The intermediate metabolite of leucine, 3-hydroxy-3-methylglutarate, was identified in the developed MLR model. Higher leucine levels were observed in the stools of patients with intramucosal cancer45. Carnosine, identified in the MLR model, suppresses cancer cell growth. Wu et al. reported that carnosine inhibits the activation of nuclear factor-kappa B (NF-κB) signalling, and subsequently inhibits metastatic cell adhesion and extravasation in CRCs46. Carnosine, which is involved in the suppression of metastasis, might also be useful as a CRC screening marker. Although these metabolites were identified in the present study as potential biomarkers for CRC, the biological mechanisms underlying their high concentration in the urine of CRC patients are not clear.

There are several limitations to this study. The samples size, especially the number of healthy controls and P patients, was small. In the present study, we did not compare the levels of these metabolites in other cancer types to establish the specificity of these biomarkers for CRC. Bias may also be introduced because of the demographic makeup of the cohort, and a larger number of subjects with various backgrounds should be compared to ascertain the specificity of the putative biomarkers. The prediction of metastasis and prognosis using biofluids is also challenging47, but was beyond the scope of the present study. The comparison of polyamines measured in the present study and in our previous study (Figure S5) reveals clear linearity between these data. N1-acetylspermidine, N8-acetylspermidine, and N1,N8-diacetylspermidine were successfully separated and quantified, whereas N1,N12-diacetylspermine was not successfully separated by CE under the present conditions.

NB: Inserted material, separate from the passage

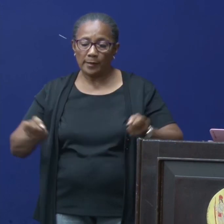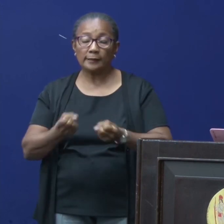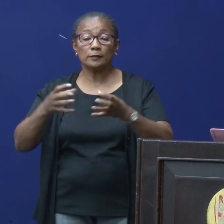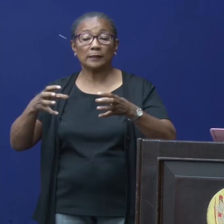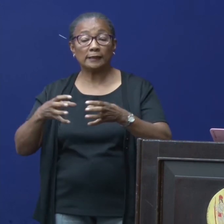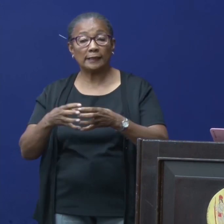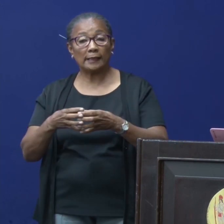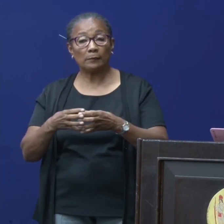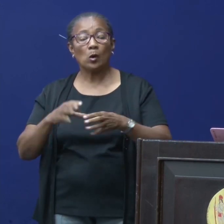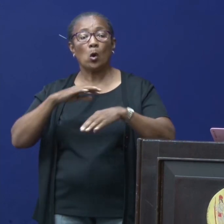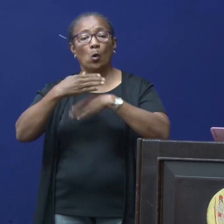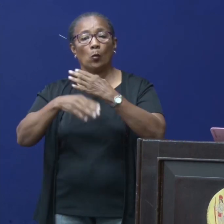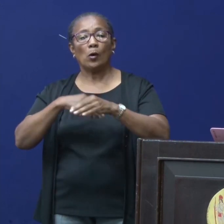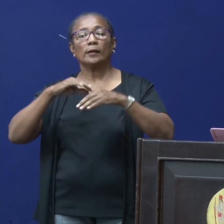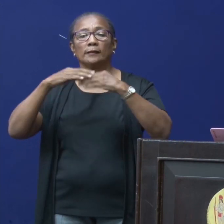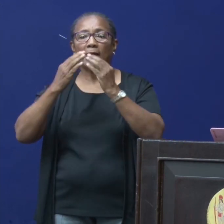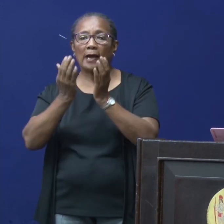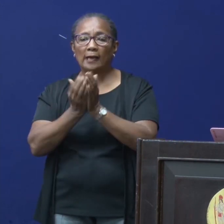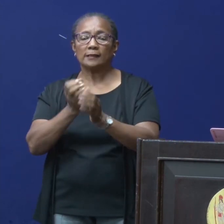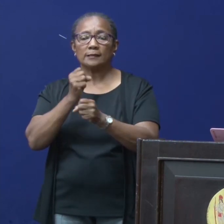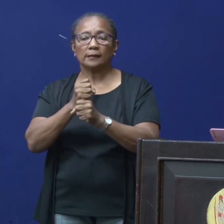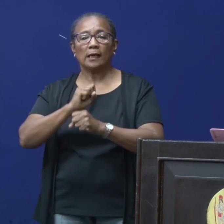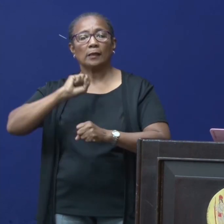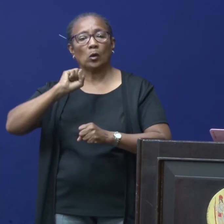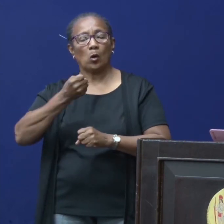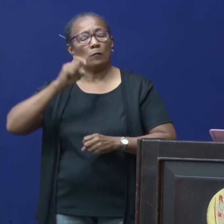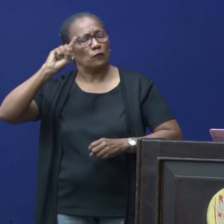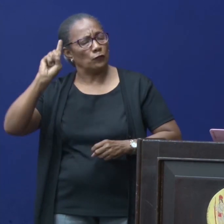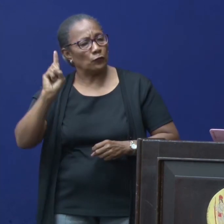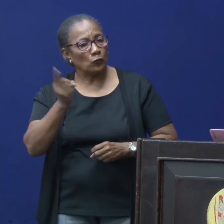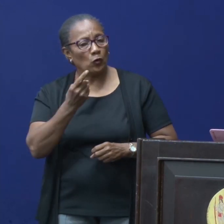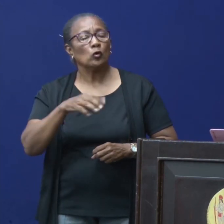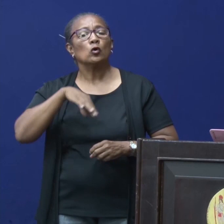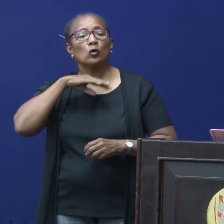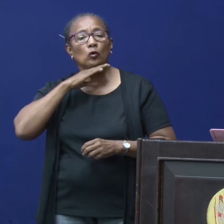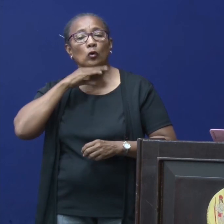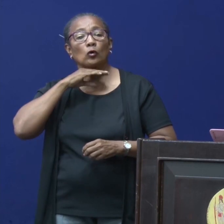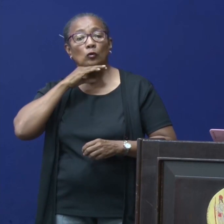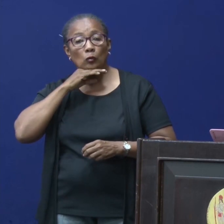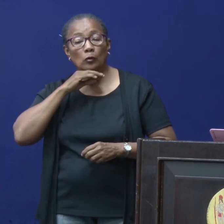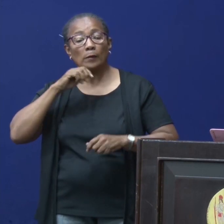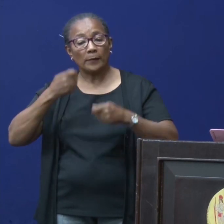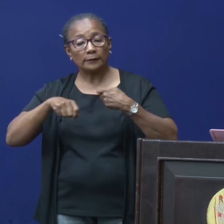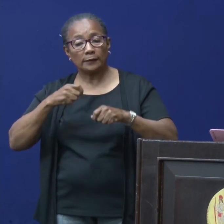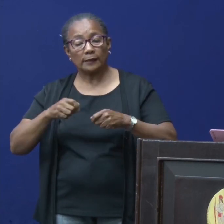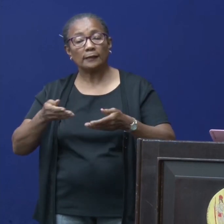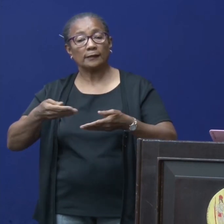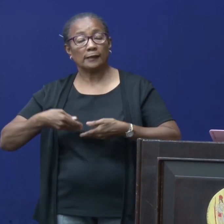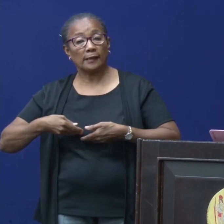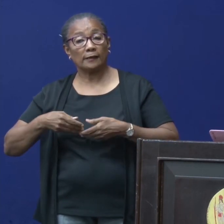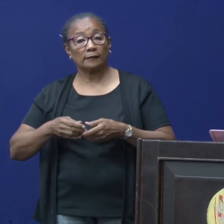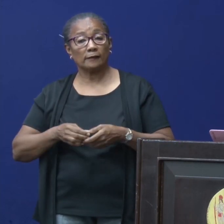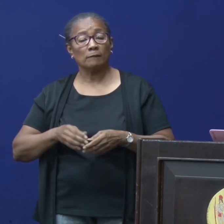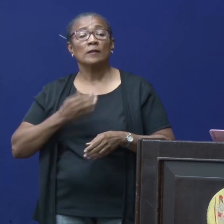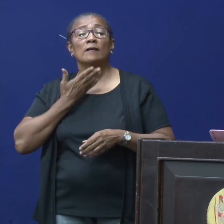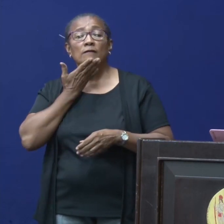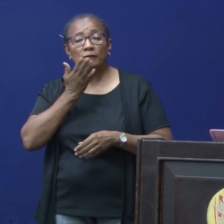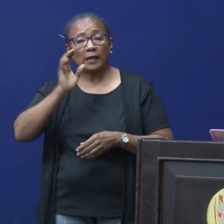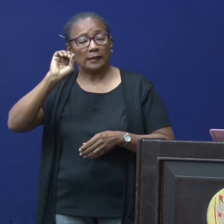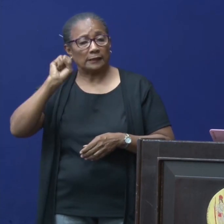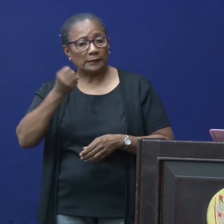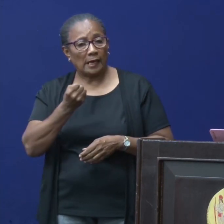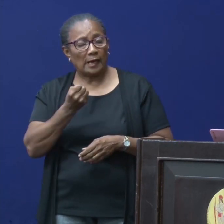worden alle efforts gedaan om zo spoedig mogelijk genoeg PPE's binnen te krijgen. Ik vraag daarom

In the present study, metabolites were identified in the urine of patients with CRC, P, and in HCs. The MLR was used to identify panels of metabolites with the ability to differentiate between these clinical groups. A method to differentiate between the different stages within the HC, CRC, and P groups remains elusive, and further analysis of a larger number of patients is required, particularly regarding early diagnosis at the polyp stage. Further research is expected to lead to the development of an accurate diagnostic method by measuring novel biomarkers for tumour identification. With the development of this future technology, it may be possible to confirm the presence of P or CRC in advance, before performing a colonoscopy, which would enable minimally invasive examination and treatment to be performed. This is expected to contribute to the further spread of medical examinations for CRC in Japan, and finally, reduce the harm caused by this disease.